WWSS
- Tuscarora Township, Michigan; United States;
- Broadcast area: Petoskey, Michigan Cheboygan, Michigan Boyne City, Michigan Gaylord, Michigan
- Frequency: 95.3 MHz
- Branding: The Bear

Programming
- Language: English
- Format: Classic rock
- Affiliations: United Stations Radio Networks Westwood One Detroit Lions Radio Network Detroit Tigers Radio Network

Ownership
- Owner: Black Diamond Broadcasting Holdings, LLC
- Sister stations: WCBY, WGFE, WGFM, WGFN, WMKC, WWMK, WTWS, WUPS

History
- First air date: 2012
- Call sign meaning: StraitS (previous format)

Technical information
- Licensing authority: FCC
- Facility ID: 170939
- Class: C2
- ERP: 17,000 watts
- HAAT: 165 meters (541 ft)
- Transmitter coordinates: 45°21′07″N 84°35′38″W﻿ / ﻿45.35194°N 84.59389°W

Links
- Public license information: Public file; LMS;
- Webcast: Listen live
- Website: www.classicrockthebear.com

= WWSS =

WWSS (95.3 FM) is a radio station licensed to Tuscarora Township, Michigan, United States.

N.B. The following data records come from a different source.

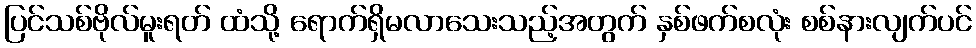
ပြင်သစ်ဗိုလ်မူးရတ် ထံသို့ ရောက်ရှိမလာသေးသည့်အတွက် နှစ်ဖက်စလုံး စစ်နားလျက်ပင်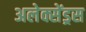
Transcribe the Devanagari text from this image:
अलेक्सेंड्रस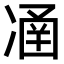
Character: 𠗴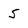
Character: 5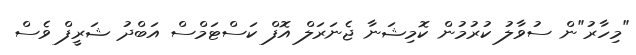
"މިހާރު"ން ސުވާލު ކުރުމުން ކޮމިޝަނާ ޖެނަރަލް އޮފް ކަސްޓަމްސް އަބްދު ޝަރީފް ވެސް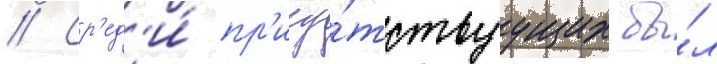
// Ср'ед'и́ пр'ису́тствуущих бы́л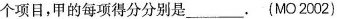
个项目，甲的每项得分分别是___.(MO2002)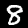
Label: 8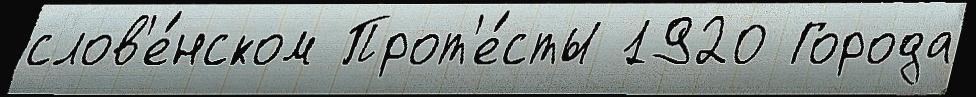
слов'е́нском Прот'е́сты 1920 Города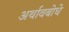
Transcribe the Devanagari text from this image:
अर्थावबोधे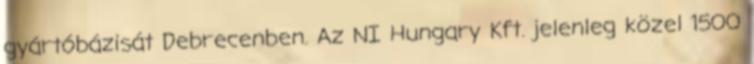
gyártóbázisát Debrecenben. Az NI Hungary Kft. jelenleg közel 1500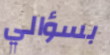
بسؤالي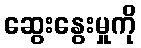
ဆွေးနွေးမှုကို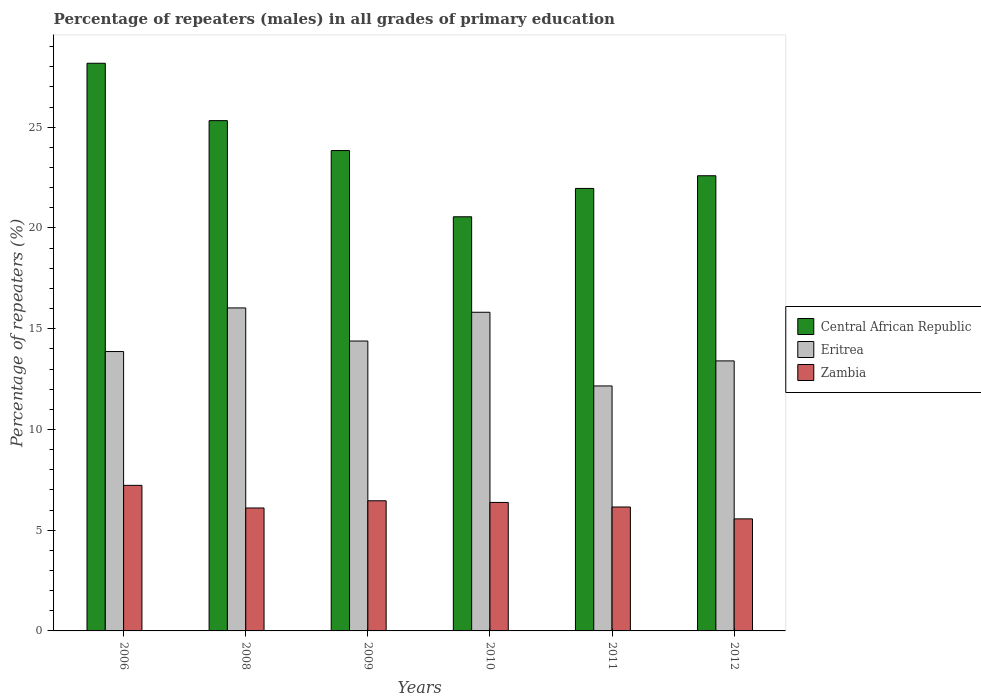
| Years | Central African Republic | Eritrea | Zambia |
 | --- | --- | --- | --- |
 | 2006 | 28.2 | 13.9 | 7.22 |
 | 2008 | 25.3 | 16 | 6.1 |
 | 2009 | 23.8 | 14.4 | 6.46 |
 | 2010 | 20.6 | 15.8 | 6.38 |
 | 2011 | 22 | 12.2 | 6.15 |
 | 2012 | 22.6 | 13.4 | 5.56 |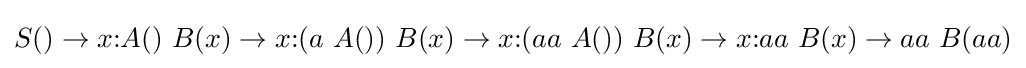
S()\to x{\text{:}}A()\ B(x)\to x{\text{:}}(a\ A())\ B(x)\to x{\text{:}}(aa\ A())\ B(x)\to x{\text{:}}aa\ B(x)\to aa\ B(aa)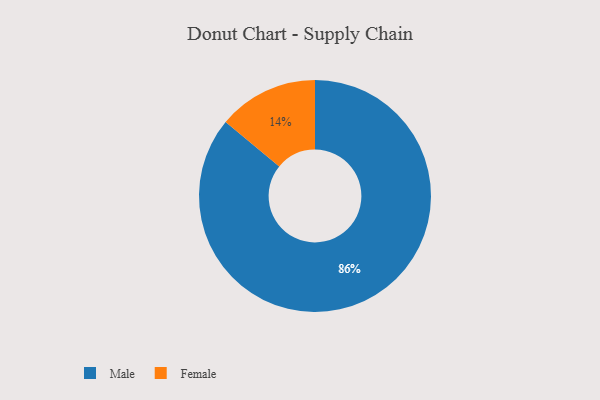
{"axis": {"x": "Category", "y": "Percentage"}, "legend": ["Female", "Male"], "data": [{"x": "Female", "y": 14, "type": "Female"}, {"x": "Male", "y": 86, "type": "Male"}]}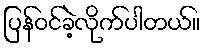
ပြန်ဝင်ခဲ့လိုက်ပါတယ်။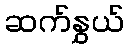
ဆက်နွှယ်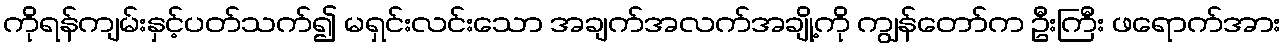
ကိုရန်ကျမ်းနှင့်ပတ်သက်၍ မရှင်းလင်းသော အချက်အလက်အချို့ကို ကျွန်တော်က ဦးကြီး ဖရောက်အား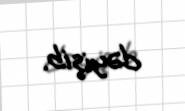
dəyişib.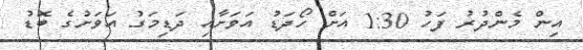
އިން މެންދުރު ފަހު 1:30 އަށް ހޯދަޑު އަވަށާއި ދަޑިމަގު އަވަށުގެ ބޮޑު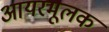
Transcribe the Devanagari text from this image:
आयरमूलक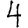
Digit: 4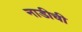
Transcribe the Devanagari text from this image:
नाडीची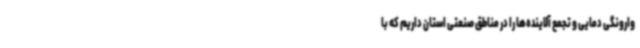
وارونگی دمایی و تجمع آلاینده‌ها را در مناطق صنعتی استان داریم که با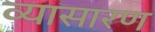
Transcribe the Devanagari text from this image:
व्यासारण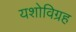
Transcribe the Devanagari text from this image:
यशोविग्रह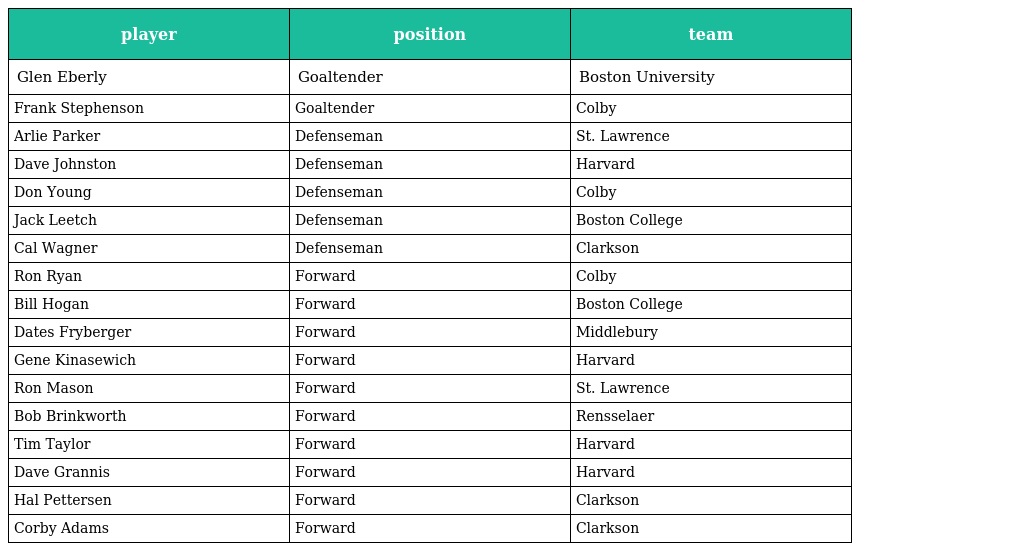
| player | position | team |
 | --- | --- | --- |
 | Glen Eberly | Goaltender | Boston University |
 | Frank Stephenson | Goaltender | Colby |
 | Arlie Parker | Defenseman | St. Lawrence |
 | Dave Johnston | Defenseman | Harvard |
 | Don Young | Defenseman | Colby |
 | Jack Leetch | Defenseman | Boston College |
 | Cal Wagner | Defenseman | Clarkson |
 | Ron Ryan | Forward | Colby |
 | Bill Hogan | Forward | Boston College |
 | Dates Fryberger | Forward | Middlebury |
 | Gene Kinasewich | Forward | Harvard |
 | Ron Mason | Forward | St. Lawrence |
 | Bob Brinkworth | Forward | Rensselaer |
 | Tim Taylor | Forward | Harvard |
 | Dave Grannis | Forward | Harvard |
 | Hal Pettersen | Forward | Clarkson |
 | Corby Adams | Forward | Clarkson |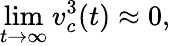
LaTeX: \operatorname*{lim}_{t\to\infty}v_{c}^{3}(t)\approx 0,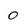
Character: 0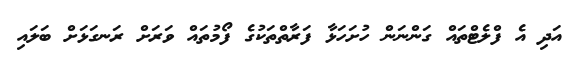
އަދި އެ ފްލެޓްތައް ގަންނަން ހުށަހަޅާ ފަރާތްތަކުގެ ފޯމުތައް ވަރަށް ރަނގަޅަށް ބަލައި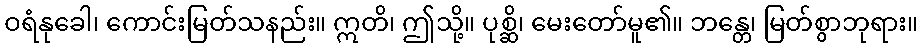
ဝရံနုခေါ၊ ကောင်းမြတ်သနည်း။ ဣတိ၊ ဤသို့။ ပုစ္ဆိ၊ မေးတော်မူ၏။ ဘန္တေ၊ မြတ်စွာဘုရား။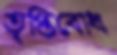
তৃপ্তিবোধ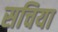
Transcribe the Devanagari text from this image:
सचिया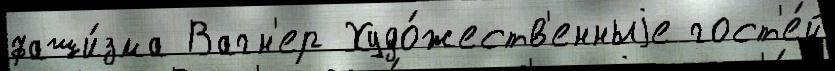
фаши́зма Вагн'ер Худо́жеств'енныjе гост'е́й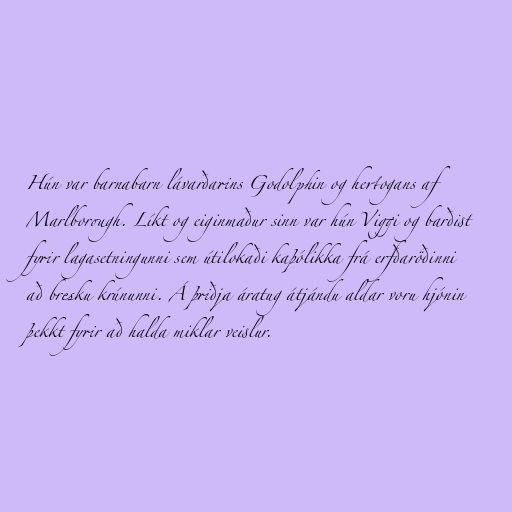
Hún var barnabarn lávarðarins Godolphin og hertogans af
Marlborough. Líkt og eiginmaður sinn var hún Viggi og barðist
fyrir lagasetningunni sem útilokaði kaþólikka frá erfðaröðinni
að bresku krúnunni. Á þriðja áratug átjándu aldar voru hjónin
þekkt fyrir að halda miklar veislur.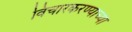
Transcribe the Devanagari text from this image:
विचारकरण्याच्या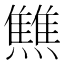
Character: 𤒏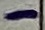
Text: -

The station airs a classic rock format and is currently owned by Black Diamond Broadcasting Holdings, LLC. The station previously aired a country music format before trading signals with Black Diamond Broadcasting classic rock station 97.7 WCHY, with WCHY becoming Straits Country's new signal on March 12, 2018. It is part of a simulcast with 98.1 WGFN.